> **About this exercise**
The lines to reproduce run from the one containing "Antwoord: Centrale Raad van Beroep" through the end of the records below. Reproduce them exactly and add nothing.

^^^^^^^^^^^^^^^^

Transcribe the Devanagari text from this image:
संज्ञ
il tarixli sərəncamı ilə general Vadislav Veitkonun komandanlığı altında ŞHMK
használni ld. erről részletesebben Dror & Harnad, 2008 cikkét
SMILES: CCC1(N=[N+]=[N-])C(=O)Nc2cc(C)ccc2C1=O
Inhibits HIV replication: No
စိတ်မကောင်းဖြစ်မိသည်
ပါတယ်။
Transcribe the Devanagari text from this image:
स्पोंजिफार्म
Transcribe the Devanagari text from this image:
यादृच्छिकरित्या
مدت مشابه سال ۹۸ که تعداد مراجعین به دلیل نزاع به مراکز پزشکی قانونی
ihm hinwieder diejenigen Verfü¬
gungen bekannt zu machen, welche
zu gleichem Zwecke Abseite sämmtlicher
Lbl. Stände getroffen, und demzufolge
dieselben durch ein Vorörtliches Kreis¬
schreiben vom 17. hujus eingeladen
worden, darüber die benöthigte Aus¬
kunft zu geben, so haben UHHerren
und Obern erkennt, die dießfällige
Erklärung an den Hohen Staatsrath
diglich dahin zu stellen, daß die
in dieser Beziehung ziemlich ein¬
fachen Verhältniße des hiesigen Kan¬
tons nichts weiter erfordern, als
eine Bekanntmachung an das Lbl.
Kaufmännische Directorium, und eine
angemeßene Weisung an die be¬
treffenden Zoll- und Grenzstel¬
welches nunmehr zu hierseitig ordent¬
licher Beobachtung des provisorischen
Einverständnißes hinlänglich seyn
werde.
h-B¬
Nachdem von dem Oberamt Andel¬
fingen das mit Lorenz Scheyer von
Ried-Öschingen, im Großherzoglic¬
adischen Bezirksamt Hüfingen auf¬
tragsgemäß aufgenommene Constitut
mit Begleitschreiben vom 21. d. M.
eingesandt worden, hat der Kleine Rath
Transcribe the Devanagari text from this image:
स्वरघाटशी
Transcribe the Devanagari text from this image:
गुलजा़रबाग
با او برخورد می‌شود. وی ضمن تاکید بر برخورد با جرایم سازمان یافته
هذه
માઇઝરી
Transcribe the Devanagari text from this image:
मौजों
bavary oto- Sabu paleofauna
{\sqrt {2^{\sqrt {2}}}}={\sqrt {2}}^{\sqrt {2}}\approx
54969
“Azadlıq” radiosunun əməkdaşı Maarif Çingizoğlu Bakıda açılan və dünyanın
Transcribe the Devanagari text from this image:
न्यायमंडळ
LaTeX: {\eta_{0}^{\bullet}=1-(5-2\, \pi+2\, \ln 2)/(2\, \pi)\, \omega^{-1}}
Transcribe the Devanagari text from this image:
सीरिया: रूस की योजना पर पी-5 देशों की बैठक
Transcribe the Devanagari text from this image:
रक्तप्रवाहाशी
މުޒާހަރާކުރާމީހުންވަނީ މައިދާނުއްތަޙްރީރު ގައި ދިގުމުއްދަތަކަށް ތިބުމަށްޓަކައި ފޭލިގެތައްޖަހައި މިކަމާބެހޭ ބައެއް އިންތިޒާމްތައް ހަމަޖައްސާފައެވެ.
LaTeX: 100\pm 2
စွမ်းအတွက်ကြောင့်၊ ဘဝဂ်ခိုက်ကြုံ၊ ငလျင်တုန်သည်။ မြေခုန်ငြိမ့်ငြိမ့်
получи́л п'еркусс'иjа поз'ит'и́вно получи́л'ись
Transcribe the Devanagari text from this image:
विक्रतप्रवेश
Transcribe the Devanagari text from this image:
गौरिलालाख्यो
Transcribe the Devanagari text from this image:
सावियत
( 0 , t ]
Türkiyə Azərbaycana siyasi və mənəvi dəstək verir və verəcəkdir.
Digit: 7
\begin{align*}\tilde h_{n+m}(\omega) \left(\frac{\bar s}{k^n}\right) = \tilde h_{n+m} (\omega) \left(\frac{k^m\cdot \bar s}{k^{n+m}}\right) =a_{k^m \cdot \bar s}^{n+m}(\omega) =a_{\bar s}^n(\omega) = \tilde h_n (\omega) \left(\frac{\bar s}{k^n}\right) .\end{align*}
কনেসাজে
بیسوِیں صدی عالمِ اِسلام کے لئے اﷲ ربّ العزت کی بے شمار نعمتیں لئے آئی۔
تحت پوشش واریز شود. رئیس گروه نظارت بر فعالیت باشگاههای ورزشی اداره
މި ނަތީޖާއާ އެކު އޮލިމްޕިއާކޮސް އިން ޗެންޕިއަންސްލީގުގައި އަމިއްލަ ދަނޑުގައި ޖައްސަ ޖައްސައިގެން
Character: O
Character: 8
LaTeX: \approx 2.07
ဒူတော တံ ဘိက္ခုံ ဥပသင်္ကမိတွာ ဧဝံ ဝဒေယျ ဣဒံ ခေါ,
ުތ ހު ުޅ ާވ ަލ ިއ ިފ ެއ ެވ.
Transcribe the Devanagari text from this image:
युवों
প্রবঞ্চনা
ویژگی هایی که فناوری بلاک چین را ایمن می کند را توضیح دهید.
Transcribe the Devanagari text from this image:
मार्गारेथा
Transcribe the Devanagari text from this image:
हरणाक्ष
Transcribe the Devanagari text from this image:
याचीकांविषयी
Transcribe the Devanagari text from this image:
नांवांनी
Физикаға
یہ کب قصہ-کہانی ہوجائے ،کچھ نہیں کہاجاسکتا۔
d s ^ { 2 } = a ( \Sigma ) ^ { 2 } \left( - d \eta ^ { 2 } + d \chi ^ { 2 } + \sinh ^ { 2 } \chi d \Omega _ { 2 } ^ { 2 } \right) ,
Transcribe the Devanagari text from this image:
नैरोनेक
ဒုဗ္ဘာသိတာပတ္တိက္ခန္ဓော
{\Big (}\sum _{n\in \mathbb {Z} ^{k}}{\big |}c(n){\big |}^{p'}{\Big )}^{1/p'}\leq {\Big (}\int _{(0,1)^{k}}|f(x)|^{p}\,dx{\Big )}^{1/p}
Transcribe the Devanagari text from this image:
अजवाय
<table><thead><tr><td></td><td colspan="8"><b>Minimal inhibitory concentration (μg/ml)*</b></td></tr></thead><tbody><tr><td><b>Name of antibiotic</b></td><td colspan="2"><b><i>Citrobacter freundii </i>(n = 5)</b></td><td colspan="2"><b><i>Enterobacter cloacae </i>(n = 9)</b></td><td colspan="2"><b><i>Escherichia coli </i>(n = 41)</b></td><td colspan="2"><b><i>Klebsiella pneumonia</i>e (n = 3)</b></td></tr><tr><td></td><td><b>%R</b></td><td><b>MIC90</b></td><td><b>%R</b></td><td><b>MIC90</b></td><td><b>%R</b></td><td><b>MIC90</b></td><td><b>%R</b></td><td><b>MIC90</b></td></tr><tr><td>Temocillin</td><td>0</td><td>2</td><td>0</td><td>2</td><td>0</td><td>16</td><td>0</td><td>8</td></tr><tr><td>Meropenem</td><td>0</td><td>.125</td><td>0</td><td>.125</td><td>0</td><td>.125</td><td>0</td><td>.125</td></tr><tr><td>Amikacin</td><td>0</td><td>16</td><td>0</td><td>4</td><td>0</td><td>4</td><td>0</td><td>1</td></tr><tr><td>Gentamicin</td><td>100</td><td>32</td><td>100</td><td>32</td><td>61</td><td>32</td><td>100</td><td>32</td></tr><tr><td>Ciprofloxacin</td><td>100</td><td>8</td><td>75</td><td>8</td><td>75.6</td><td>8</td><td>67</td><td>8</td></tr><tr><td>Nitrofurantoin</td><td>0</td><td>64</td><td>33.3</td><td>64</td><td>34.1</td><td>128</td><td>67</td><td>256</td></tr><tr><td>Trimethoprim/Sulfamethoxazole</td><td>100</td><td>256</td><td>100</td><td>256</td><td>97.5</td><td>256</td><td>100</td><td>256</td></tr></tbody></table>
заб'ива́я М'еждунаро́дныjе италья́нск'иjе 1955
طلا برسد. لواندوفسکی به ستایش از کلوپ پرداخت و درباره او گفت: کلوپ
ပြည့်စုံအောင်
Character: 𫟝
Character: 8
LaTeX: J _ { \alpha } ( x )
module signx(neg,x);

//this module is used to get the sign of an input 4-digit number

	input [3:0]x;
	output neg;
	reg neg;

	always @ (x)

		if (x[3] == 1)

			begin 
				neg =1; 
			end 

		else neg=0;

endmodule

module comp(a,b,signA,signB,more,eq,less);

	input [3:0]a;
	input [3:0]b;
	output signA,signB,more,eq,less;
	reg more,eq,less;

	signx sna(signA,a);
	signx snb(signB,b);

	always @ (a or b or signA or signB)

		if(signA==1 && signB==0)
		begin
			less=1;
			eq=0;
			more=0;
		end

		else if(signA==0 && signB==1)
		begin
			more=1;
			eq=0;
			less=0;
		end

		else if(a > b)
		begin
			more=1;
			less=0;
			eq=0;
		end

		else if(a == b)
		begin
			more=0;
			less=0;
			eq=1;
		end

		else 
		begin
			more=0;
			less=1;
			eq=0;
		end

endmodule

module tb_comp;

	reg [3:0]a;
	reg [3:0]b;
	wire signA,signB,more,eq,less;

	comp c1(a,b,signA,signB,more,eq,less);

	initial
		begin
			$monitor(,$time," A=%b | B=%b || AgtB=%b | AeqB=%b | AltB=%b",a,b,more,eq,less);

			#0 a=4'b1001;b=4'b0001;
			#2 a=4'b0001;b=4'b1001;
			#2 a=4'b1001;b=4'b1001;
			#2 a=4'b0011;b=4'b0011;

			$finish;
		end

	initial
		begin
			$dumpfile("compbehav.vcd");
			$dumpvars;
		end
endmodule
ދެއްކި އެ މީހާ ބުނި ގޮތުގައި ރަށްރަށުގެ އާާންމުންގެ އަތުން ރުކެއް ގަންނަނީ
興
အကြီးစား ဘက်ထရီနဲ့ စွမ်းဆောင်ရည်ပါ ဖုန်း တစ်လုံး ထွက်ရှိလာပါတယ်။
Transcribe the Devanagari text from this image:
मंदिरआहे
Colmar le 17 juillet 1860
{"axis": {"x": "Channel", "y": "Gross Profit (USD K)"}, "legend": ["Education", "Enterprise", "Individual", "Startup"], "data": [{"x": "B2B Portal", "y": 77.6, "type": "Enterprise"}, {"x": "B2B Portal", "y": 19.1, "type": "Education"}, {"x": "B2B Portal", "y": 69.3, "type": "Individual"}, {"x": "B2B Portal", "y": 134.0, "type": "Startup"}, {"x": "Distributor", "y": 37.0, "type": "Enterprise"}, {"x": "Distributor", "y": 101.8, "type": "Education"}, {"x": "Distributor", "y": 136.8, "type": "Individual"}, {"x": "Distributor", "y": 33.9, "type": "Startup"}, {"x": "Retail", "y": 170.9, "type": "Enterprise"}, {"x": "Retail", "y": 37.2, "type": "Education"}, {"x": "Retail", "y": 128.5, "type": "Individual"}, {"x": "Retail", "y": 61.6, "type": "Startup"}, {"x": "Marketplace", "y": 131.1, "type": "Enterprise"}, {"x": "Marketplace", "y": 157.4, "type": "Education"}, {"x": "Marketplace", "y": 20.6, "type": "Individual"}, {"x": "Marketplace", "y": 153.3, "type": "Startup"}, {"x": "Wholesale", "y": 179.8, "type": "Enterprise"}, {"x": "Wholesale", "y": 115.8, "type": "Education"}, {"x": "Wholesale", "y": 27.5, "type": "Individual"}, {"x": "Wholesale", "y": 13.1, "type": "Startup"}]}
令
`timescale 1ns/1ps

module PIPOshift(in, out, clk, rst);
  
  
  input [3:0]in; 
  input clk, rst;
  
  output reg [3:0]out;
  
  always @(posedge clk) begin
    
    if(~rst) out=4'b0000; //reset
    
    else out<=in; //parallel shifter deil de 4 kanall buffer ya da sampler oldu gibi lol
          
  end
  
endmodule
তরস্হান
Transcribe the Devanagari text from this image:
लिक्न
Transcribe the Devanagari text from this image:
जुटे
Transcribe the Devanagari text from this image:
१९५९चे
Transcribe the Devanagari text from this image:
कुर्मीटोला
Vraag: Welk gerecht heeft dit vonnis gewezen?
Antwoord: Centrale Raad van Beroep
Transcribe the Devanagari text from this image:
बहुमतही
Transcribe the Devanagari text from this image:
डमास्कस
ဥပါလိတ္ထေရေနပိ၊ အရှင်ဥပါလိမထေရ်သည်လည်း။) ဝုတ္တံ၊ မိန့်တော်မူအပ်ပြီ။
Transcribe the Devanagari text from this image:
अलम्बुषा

^^^^^^^^^^^^^^^^

> **Finished task**
Antwoord: Centrale Raad van Beroep
Transcribe the Devanagari text from this image:
बहुमतही
Transcribe the Devanagari text from this image:
डमास्कस
ဥပါလိတ္ထေရေနပိ၊ အရှင်ဥပါလိမထေရ်သည်လည်း။) ဝုတ္တံ၊ မိန့်တော်မူအပ်ပြီ။
Transcribe the Devanagari text from this image:
अलम्बुषा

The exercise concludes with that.